If you still can't get rid of the play, there may be a problem with the headset assembly. Park may be able to help with that too, but take care disassembling the headset if you remove the fork from the head tube - lots of parts that could be put in the wrong order or upside down.


----------



## 20sMotoSpirit (May 27, 2007)

PTV said:


> Hi there,
> 
> Mike, or anyone else...... As per my previous post - thrilled with the Champione Sl that just arrived....beautiful bike and well packaged, great service. But, whatever I do I cannot get the headset tight. Changing spacers, tightening stem and star nut - nothing is getting the headset tight - major jiggle in fork/headset connection. Any ideas ??



STAR NUT!!!!! Its a Full carbon Steer.. its a carbon compression plug.

if there is a star nut in your FC-CF then you need to talk with mike... or go to a local shop for advise... Star nuts will destroy carbon steers and cause your fork to snap! That being said.

you need about 1/8 to 1/4in of spacing between the top of the steer to the top of the flush stem top.


First adjust the compression plug.

Then that weird FSA too cap you need about three full turns to make the threads stick...more the better. but make sure you are not bottoming out on the threads.

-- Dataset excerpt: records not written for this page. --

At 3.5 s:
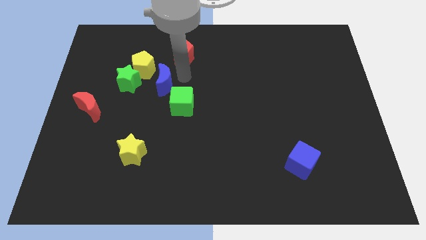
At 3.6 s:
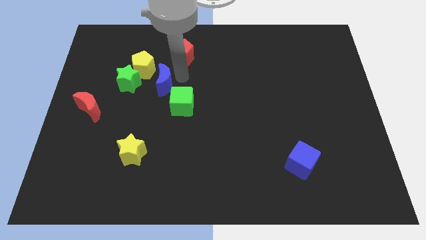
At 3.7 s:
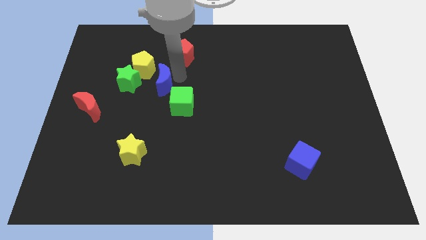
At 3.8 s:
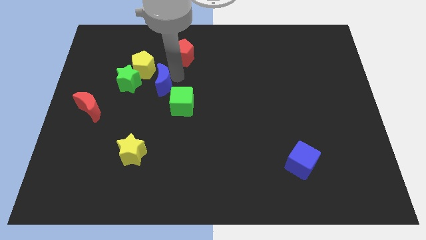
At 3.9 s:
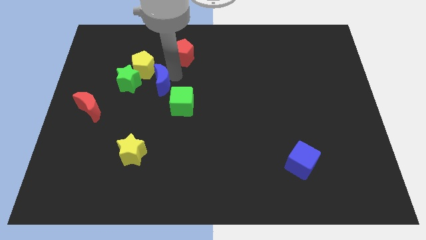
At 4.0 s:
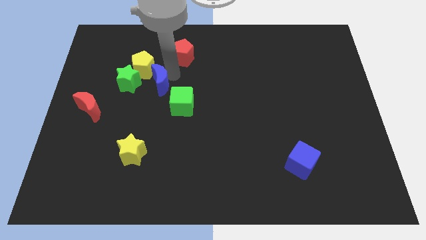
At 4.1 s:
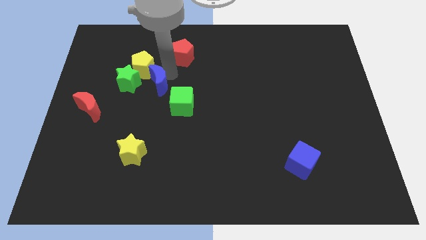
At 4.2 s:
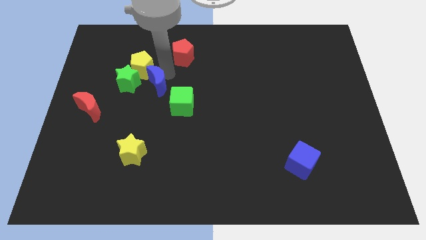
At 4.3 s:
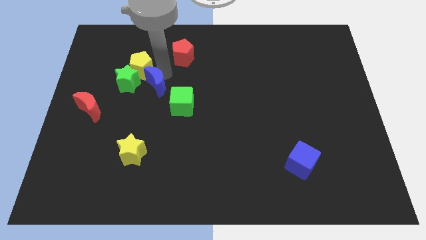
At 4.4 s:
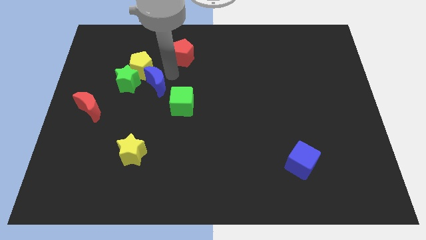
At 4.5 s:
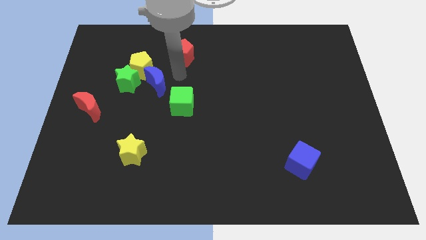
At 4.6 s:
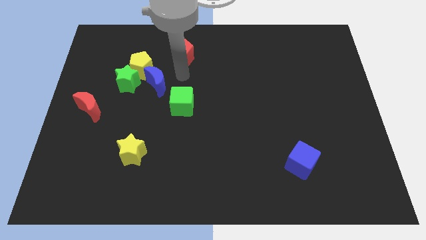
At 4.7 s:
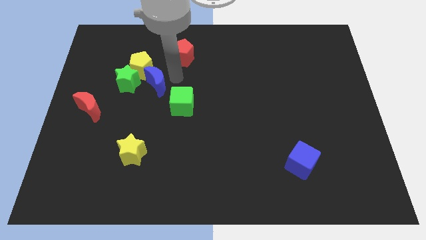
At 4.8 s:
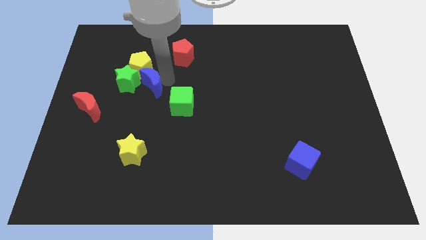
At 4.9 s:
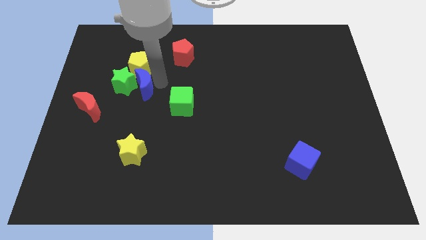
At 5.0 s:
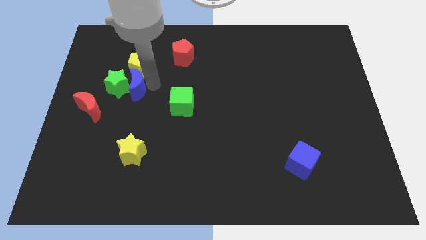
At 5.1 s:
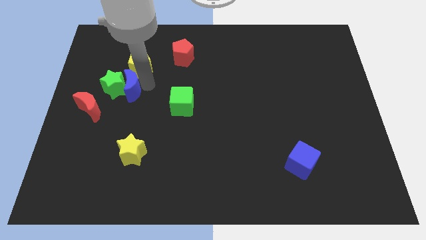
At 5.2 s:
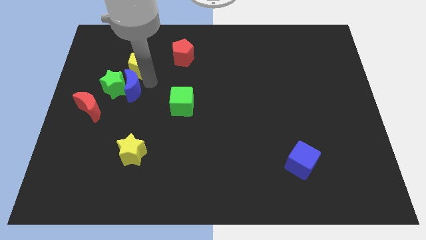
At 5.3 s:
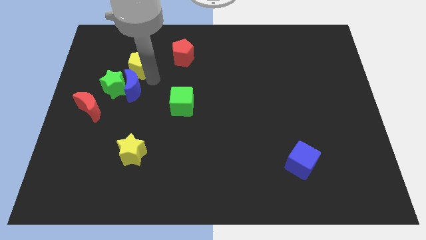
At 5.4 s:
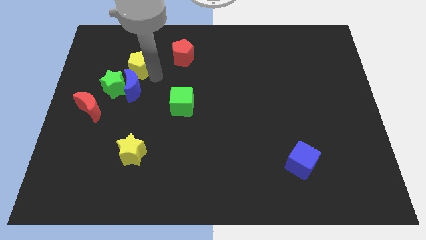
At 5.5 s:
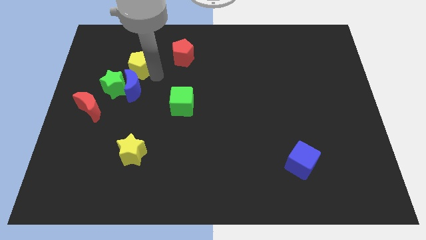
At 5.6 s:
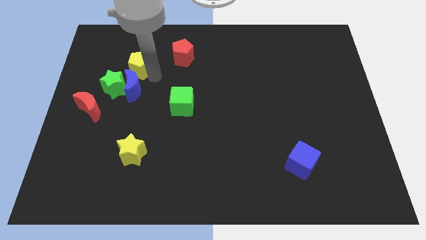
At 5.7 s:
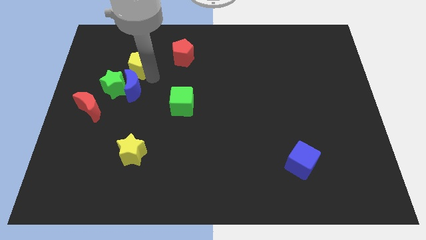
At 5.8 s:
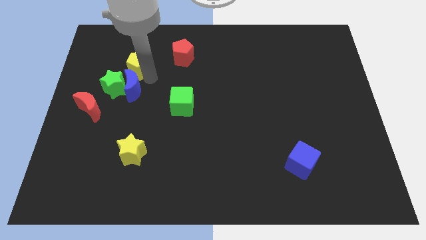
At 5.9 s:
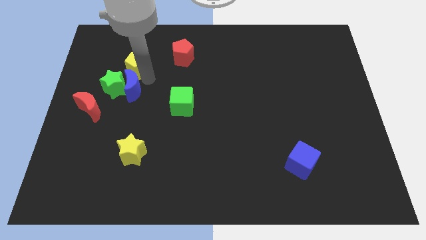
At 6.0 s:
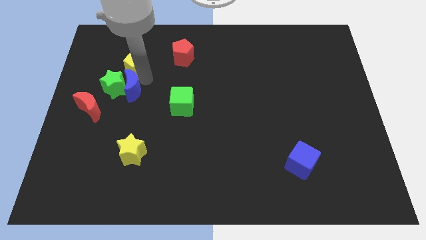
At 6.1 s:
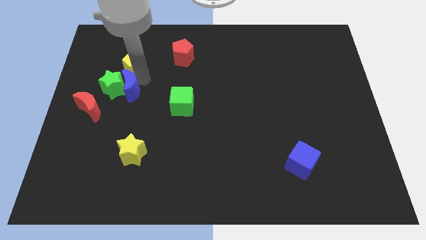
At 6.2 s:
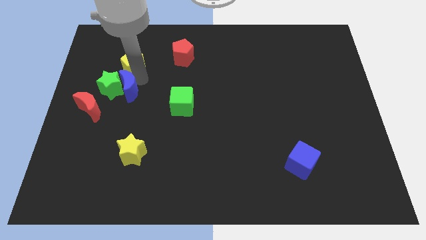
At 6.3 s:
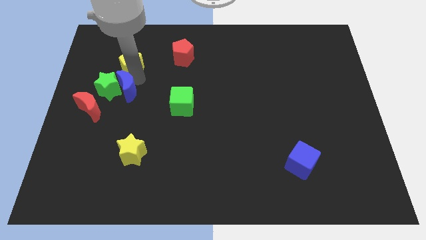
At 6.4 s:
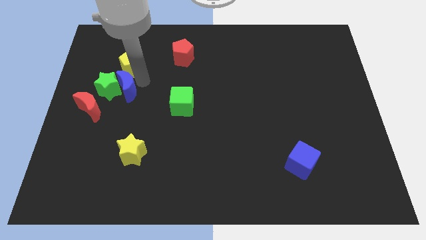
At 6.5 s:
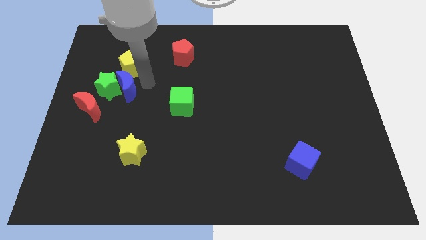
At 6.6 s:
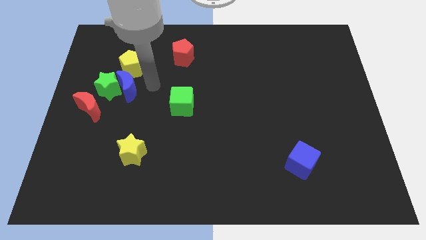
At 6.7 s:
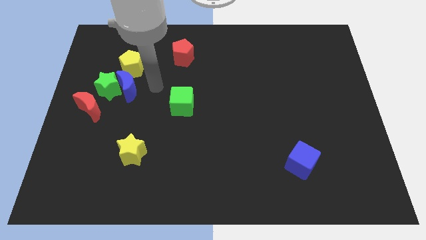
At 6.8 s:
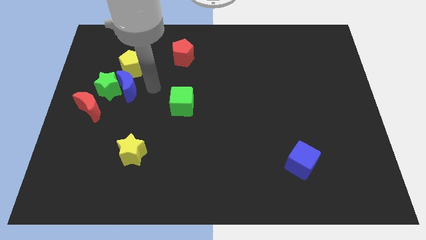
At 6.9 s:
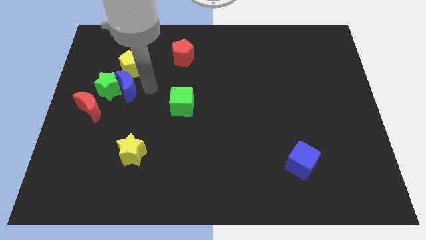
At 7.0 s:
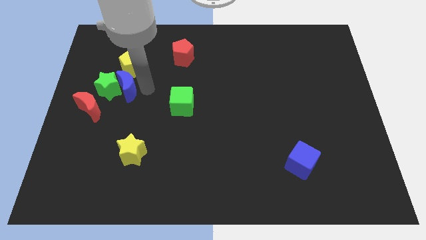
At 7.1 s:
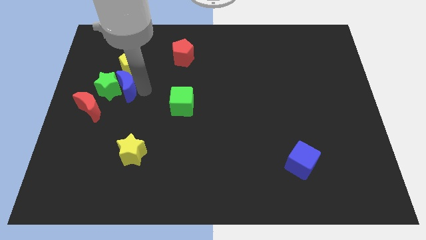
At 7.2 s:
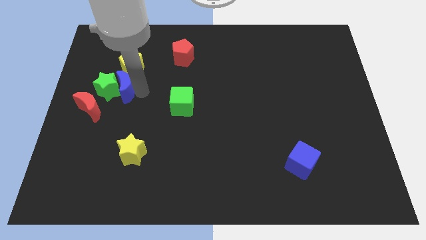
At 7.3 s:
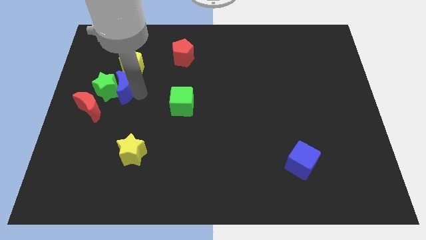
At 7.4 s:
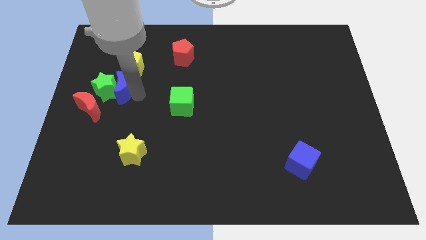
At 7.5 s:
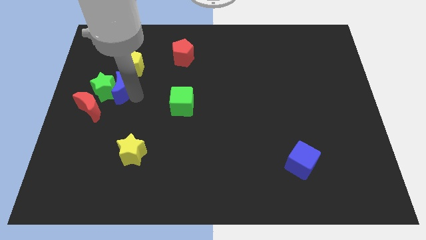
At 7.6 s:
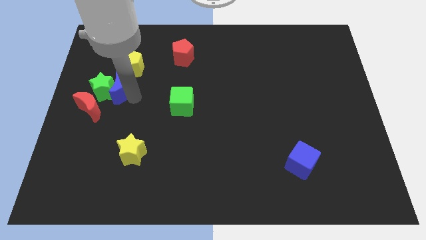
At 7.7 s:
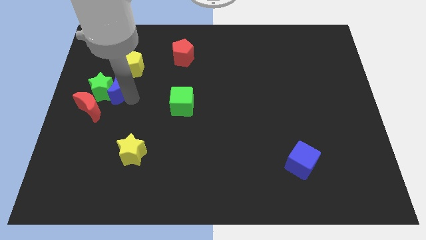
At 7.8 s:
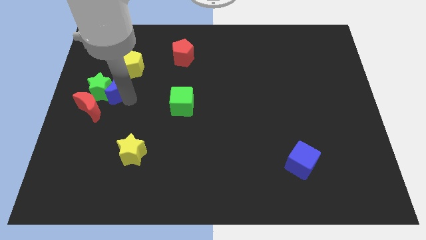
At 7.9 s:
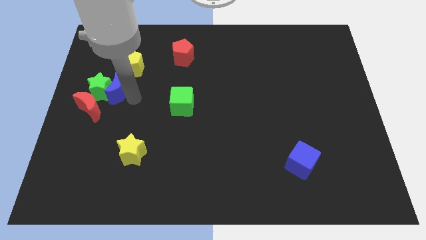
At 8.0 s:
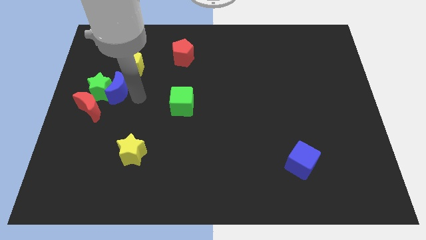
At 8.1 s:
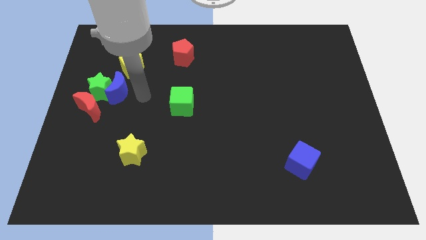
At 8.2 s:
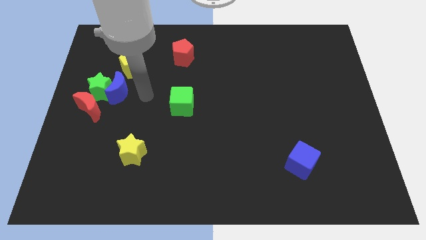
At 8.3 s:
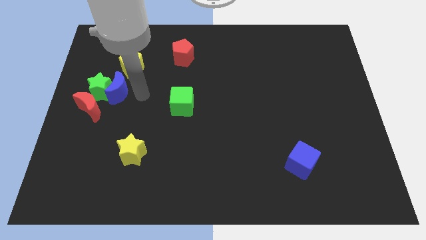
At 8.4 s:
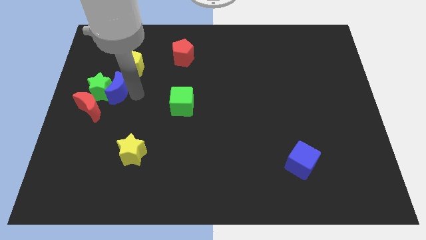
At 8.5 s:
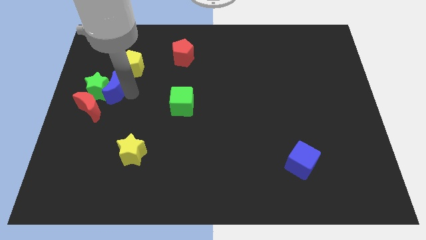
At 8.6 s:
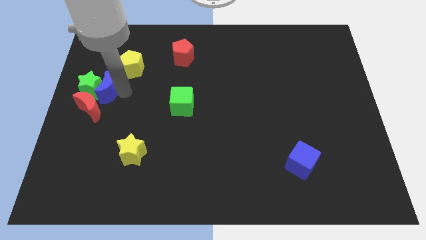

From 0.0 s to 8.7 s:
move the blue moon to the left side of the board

I suggest take your bike into a shop, look around... find some swag you need the mention to the guys that you are having trouble with your headset...they can take a look at it.

Also there is another thing you need to know... You did buy a Super Light bike. The bars stem and steer are all going to flex... it isn't a steel bike. Make sure you are not mistaking it for a loose headset.

" If you hear a pop in the headset, when grabbing the front brake and moving the bike back and forth...then its an adjustment problem."


----------